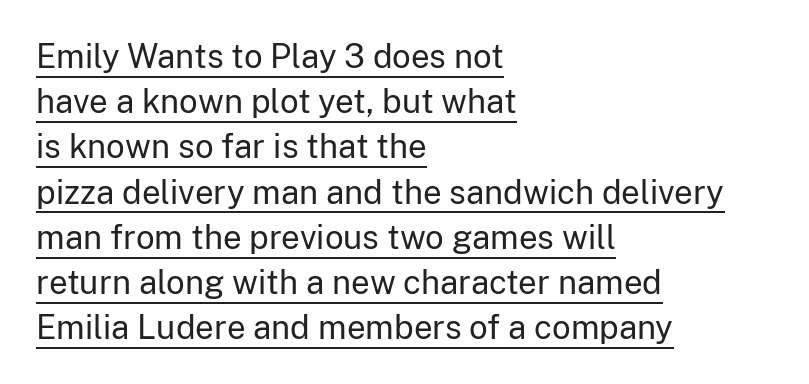
Q: Is the text bold? A: No.
Q: Is the text italic (slanted)? A: No, it is upright.
Q: Is the typeface a serif or a sans-serif typeface? A: Sans-serif.
Q: Is the text underlined? A: Yes.
Q: How is the paragraph aligned? A: Left-aligned.
Q: Is the spacing between letters normal or unusually wide? A: Normal.
Q: Is the spacing between lines tight, normal or loose? A: Normal.
Q: Width (condensed, normal, or wide)? A: Normal.
Q: Stroke contrast? A: Low.
Q: x-height? A: Medium.
Q: Monospaced? A: No.
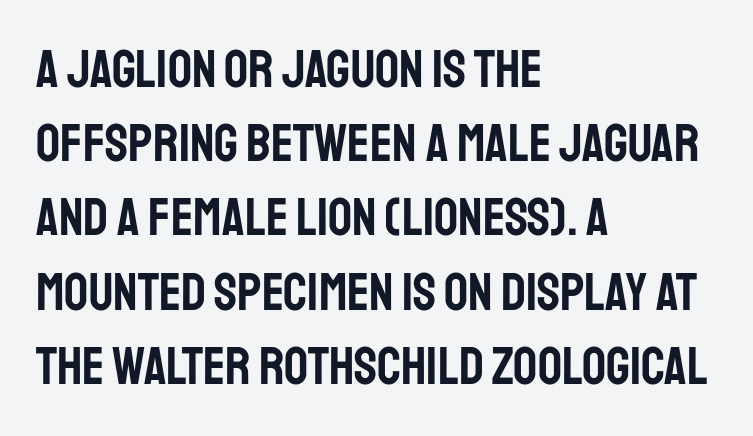
The image shows 53 px condensed sans-serif type, upright; set left-aligned, normal line spacing (1.4x), normal letter spacing, not underlined; low stroke contrast and a large x-height.
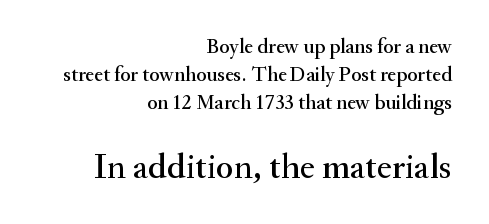
The image shows 36 px serif type, upright; set right-aligned, normal line spacing (1.33x), normal letter spacing, not underlined; the second (bottom) block is 1.71x larger; medium stroke contrast and a small x-height.
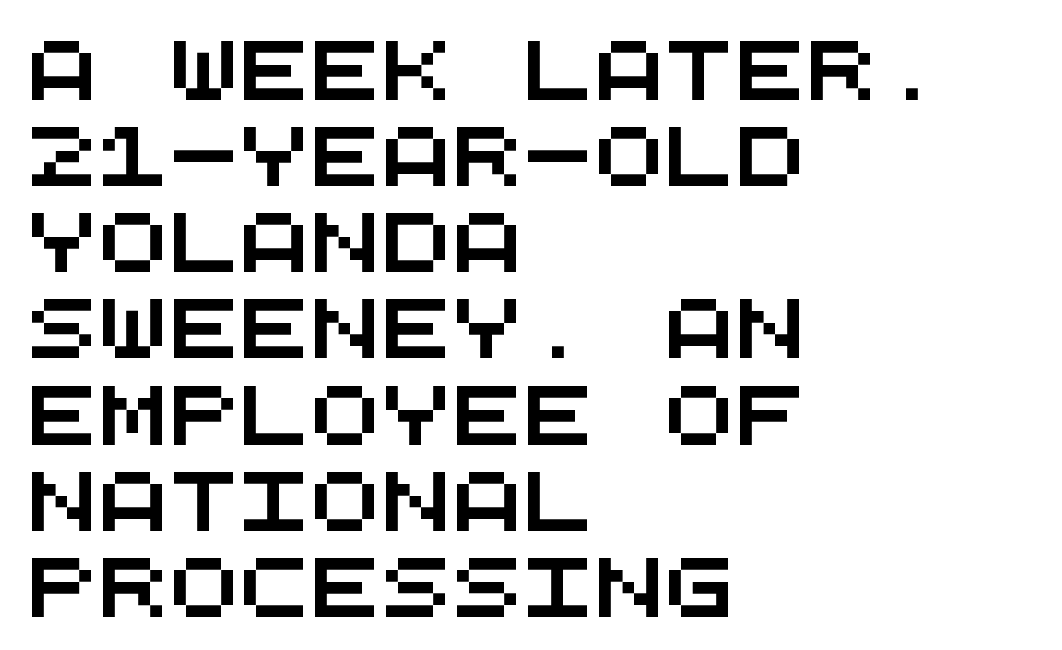
Q: Is the typeface a serif or a sans-serif typeface? A: Sans-serif.
Q: Is the text underlined? A: No.
Q: How is the paragraph aligned? A: Left-aligned.
Q: Is the spacing between letters normal or unusually wide? A: Normal.
Q: Is the spacing between lines tight, normal or loose? A: Normal.
Q: Width (condensed, normal, or wide)? A: Wide.
Q: Stroke contrast? A: Medium.
Q: x-height? A: Large.
Q: Monospaced? A: Yes.
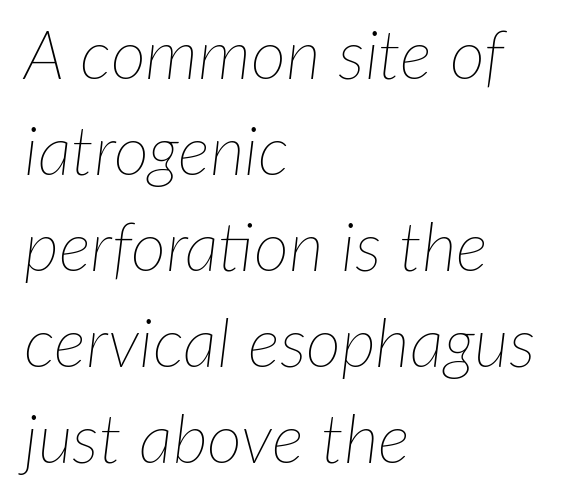
{"italic": "yes", "lean": "right", "slant_degrees": 7, "bold": "no", "weight": "thin", "width": "normal", "stroke_contrast": "low", "x_height": "medium", "monospaced": "no", "underline": "no", "align": "left", "line_spacing": "normal", "line_spacing_ratio": 1.41, "letter_spacing": "normal", "letter_spacing_em": 0.0, "glyph_px": 68}
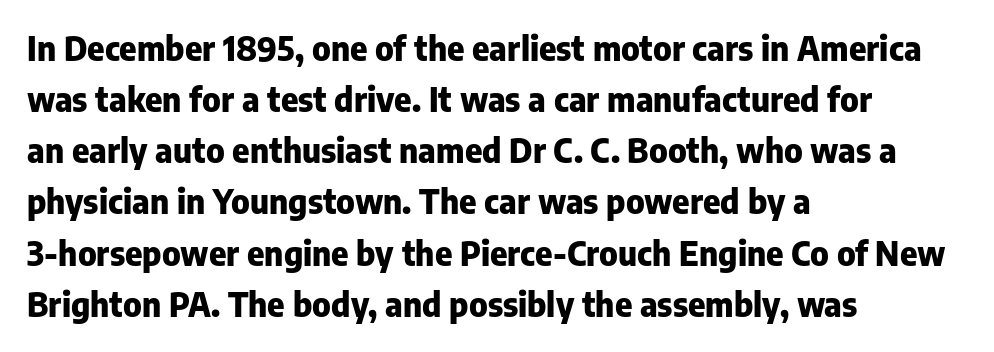
The image shows 33 px heavy sans-serif type, upright; set left-aligned, normal line spacing (1.55x), normal letter spacing, not underlined; low stroke contrast and a medium x-height.
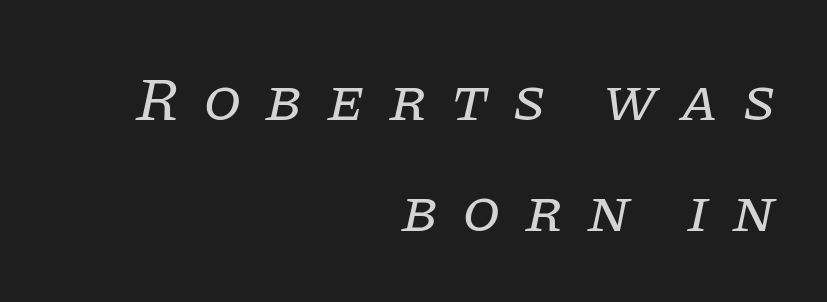
Q: Is the text bold? A: No.
Q: Is the text italic (slanted)? A: Yes, it leans right by about 11 degrees.
Q: Is the typeface a serif or a sans-serif typeface? A: Serif.
Q: Is the text underlined? A: No.
Q: How is the paragraph aligned? A: Right-aligned.
Q: Is the spacing between letters normal or unusually wide? A: Unusually wide.
Q: Width (condensed, normal, or wide)? A: Normal.
Q: Stroke contrast? A: Low.
Q: x-height? A: Large.
Q: Monospaced? A: No.
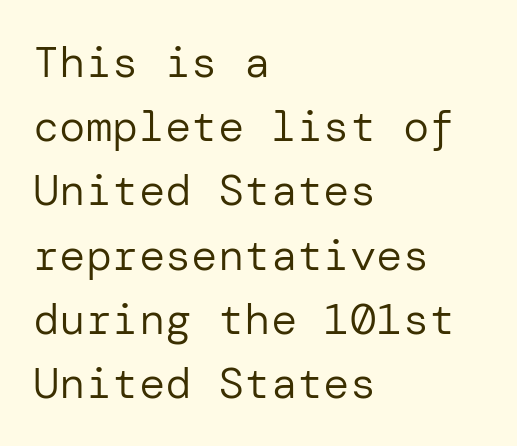
The characters are drawn with everyday or finer stroke widths. Spacing between characters is what you'd get straight out of the box. In terms of leading, this rendering sits right in the middle. These lines are composed in type without serifs.
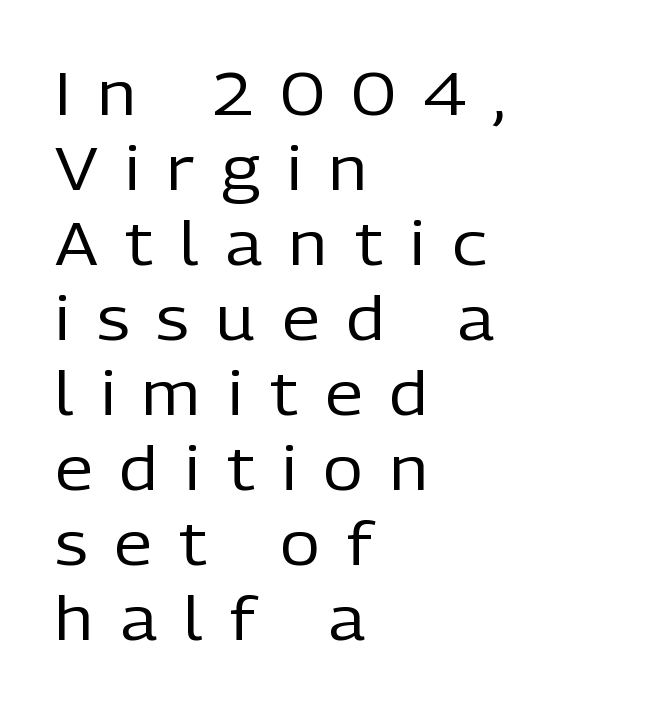
The image shows 61 px regular-weight sans-serif type, upright; set left-aligned, line spacing 1.23x, unusually wide letter spacing (+0.45 em), not underlined; low stroke contrast and a medium x-height.
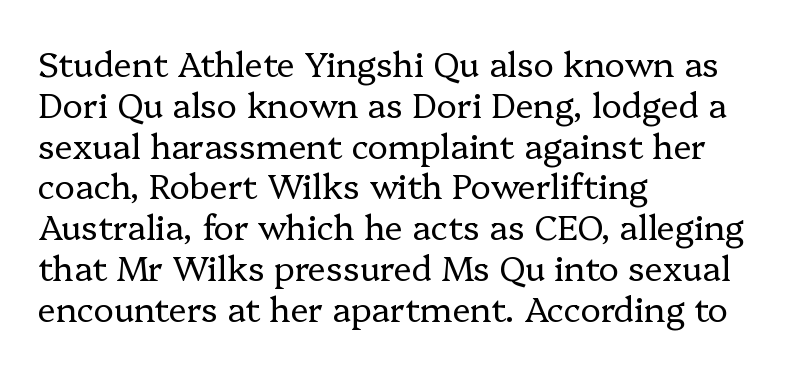
{"serif": "yes", "italic": "no", "bold": "no", "weight": "regular", "width": "normal", "stroke_contrast": "low", "x_height": "medium", "monospaced": "no", "underline": "no", "align": "left", "line_spacing_ratio": 1.2, "letter_spacing": "normal", "letter_spacing_em": 0.0, "glyph_px": 34}
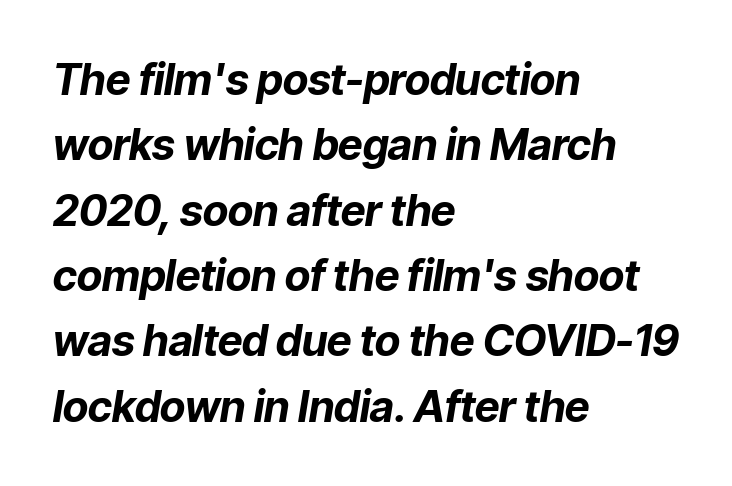
{"italic": "yes", "lean": "right", "slant_degrees": 9, "bold": "yes", "weight": "bold", "width": "normal", "stroke_contrast": "low", "x_height": "medium", "monospaced": "no", "underline": "no", "align": "left", "line_spacing": "normal", "line_spacing_ratio": 1.52, "letter_spacing": "normal", "letter_spacing_em": 0.0, "glyph_px": 43}
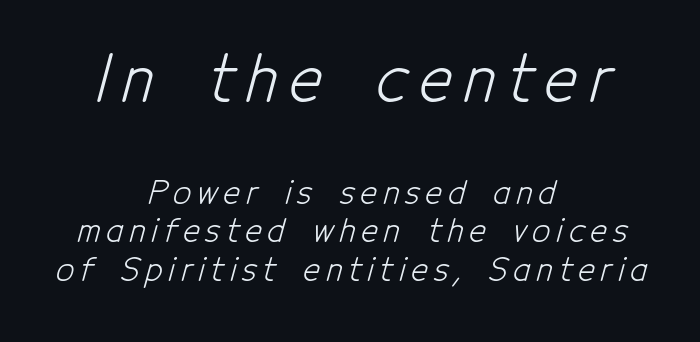
The image shows 63 px light, condensed sans-serif type; set centered, line spacing 1.2x, not underlined; the first (top) block is 1.97x larger; low stroke contrast and a medium x-height.
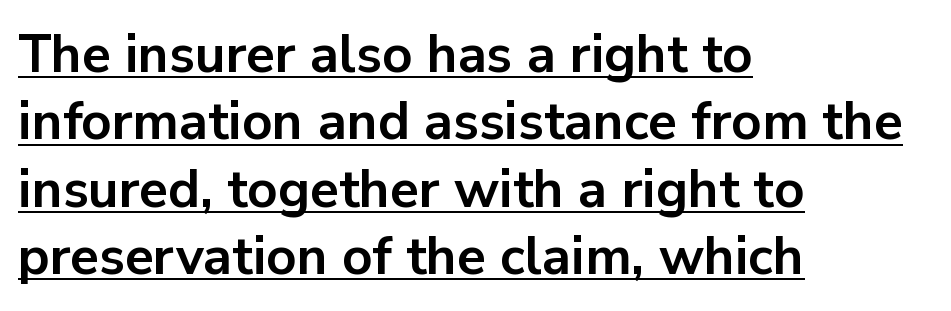
This is underlined copy, the kind a proofreader might mark for attention. This block has exactly the height ordinary leading produces. The typesetting leans heavy: a genuine bold. Which margin do the lines hug? The left one — the right edge is uneven. Type style note: lacks serifs.
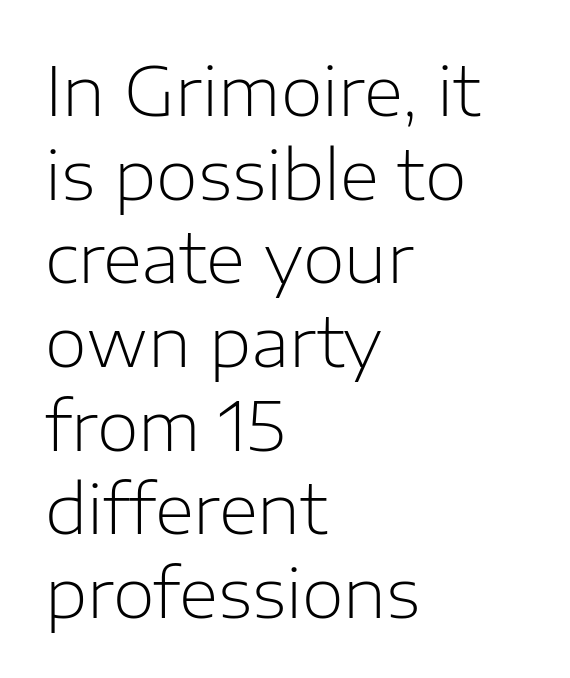
{"serif": "no", "italic": "no", "bold": "no", "weight": "light", "width": "normal", "stroke_contrast": "low", "x_height": "medium", "monospaced": "no", "underline": "no", "align": "left", "line_spacing_ratio": 1.23, "letter_spacing": "normal", "letter_spacing_em": 0.0, "glyph_px": 68}

● ACTIVITY: Each line of the material above should be set down exactly, with no pictures.

● SOLUTION FOR THIS EXERCISE:
Q: Is the text bold? A: No.
Q: Is the text italic (slanted)? A: No, it is upright.
Q: Is the typeface a serif or a sans-serif typeface? A: Sans-serif.
Q: Is the text underlined? A: Yes.
Q: How is the paragraph aligned? A: Left-aligned.
Q: Is the spacing between letters normal or unusually wide? A: Normal.
Q: Is the spacing between lines tight, normal or loose? A: Normal.
Q: Width (condensed, normal, or wide)? A: Normal.
Q: Stroke contrast? A: Low.
Q: x-height? A: Medium.
Q: Monospaced? A: No.
The image shows 53 px condensed sans-serif type, upright; set left-aligned, normal line spacing (1.4x), normal letter spacing, not underlined; low stroke contrast and a large x-height.
The image shows 36 px serif type, upright; set right-aligned, normal line spacing (1.33x), normal letter spacing, not underlined; the second (bottom) block is 1.71x larger; medium stroke contrast and a small x-height.
Q: Is the typeface a serif or a sans-serif typeface? A: Sans-serif.
Q: Is the text underlined? A: No.
Q: How is the paragraph aligned? A: Left-aligned.
Q: Is the spacing between letters normal or unusually wide? A: Normal.
Q: Is the spacing between lines tight, normal or loose? A: Normal.
Q: Width (condensed, normal, or wide)? A: Wide.
Q: Stroke contrast? A: Medium.
Q: x-height? A: Large.
Q: Monospaced? A: Yes.
{"italic": "yes", "lean": "right", "slant_degrees": 7, "bold": "no", "weight": "thin", "width": "normal", "stroke_contrast": "low", "x_height": "medium", "monospaced": "no", "underline": "no", "align": "left", "line_spacing": "normal", "line_spacing_ratio": 1.41, "letter_spacing": "normal", "letter_spacing_em": 0.0, "glyph_px": 68}
The image shows 33 px heavy sans-serif type, upright; set left-aligned, normal line spacing (1.55x), normal letter spacing, not underlined; low stroke contrast and a medium x-height.
Q: Is the text bold? A: No.
Q: Is the text italic (slanted)? A: Yes, it leans right by about 11 degrees.
Q: Is the typeface a serif or a sans-serif typeface? A: Serif.
Q: Is the text underlined? A: No.
Q: How is the paragraph aligned? A: Right-aligned.
Q: Is the spacing between letters normal or unusually wide? A: Unusually wide.
Q: Width (condensed, normal, or wide)? A: Normal.
Q: Stroke contrast? A: Low.
Q: x-height? A: Large.
Q: Monospaced? A: No.
The characters are drawn with everyday or finer stroke widths. Spacing between characters is what you'd get straight out of the box. In terms of leading, this rendering sits right in the middle. These lines are composed in type without serifs.
The image shows 61 px regular-weight sans-serif type, upright; set left-aligned, line spacing 1.23x, unusually wide letter spacing (+0.45 em), not underlined; low stroke contrast and a medium x-height.
{"serif": "yes", "italic": "no", "bold": "no", "weight": "regular", "width": "normal", "stroke_contrast": "low", "x_height": "medium", "monospaced": "no", "underline": "no", "align": "left", "line_spacing_ratio": 1.2, "letter_spacing": "normal", "letter_spacing_em": 0.0, "glyph_px": 34}
{"italic": "yes", "lean": "right", "slant_degrees": 9, "bold": "yes", "weight": "bold", "width": "normal", "stroke_contrast": "low", "x_height": "medium", "monospaced": "no", "underline": "no", "align": "left", "line_spacing": "normal", "line_spacing_ratio": 1.52, "letter_spacing": "normal", "letter_spacing_em": 0.0, "glyph_px": 43}
The image shows 63 px light, condensed sans-serif type; set centered, line spacing 1.2x, not underlined; the first (top) block is 1.97x larger; low stroke contrast and a medium x-height.
This is underlined copy, the kind a proofreader might mark for attention. This block has exactly the height ordinary leading produces. The typesetting leans heavy: a genuine bold. Which margin do the lines hug? The left one — the right edge is uneven. Type style note: lacks serifs.
{"serif": "no", "italic": "no", "bold": "no", "weight": "light", "width": "normal", "stroke_contrast": "low", "x_height": "medium", "monospaced": "no", "underline": "no", "align": "left", "line_spacing_ratio": 1.23, "letter_spacing": "normal", "letter_spacing_em": 0.0, "glyph_px": 68}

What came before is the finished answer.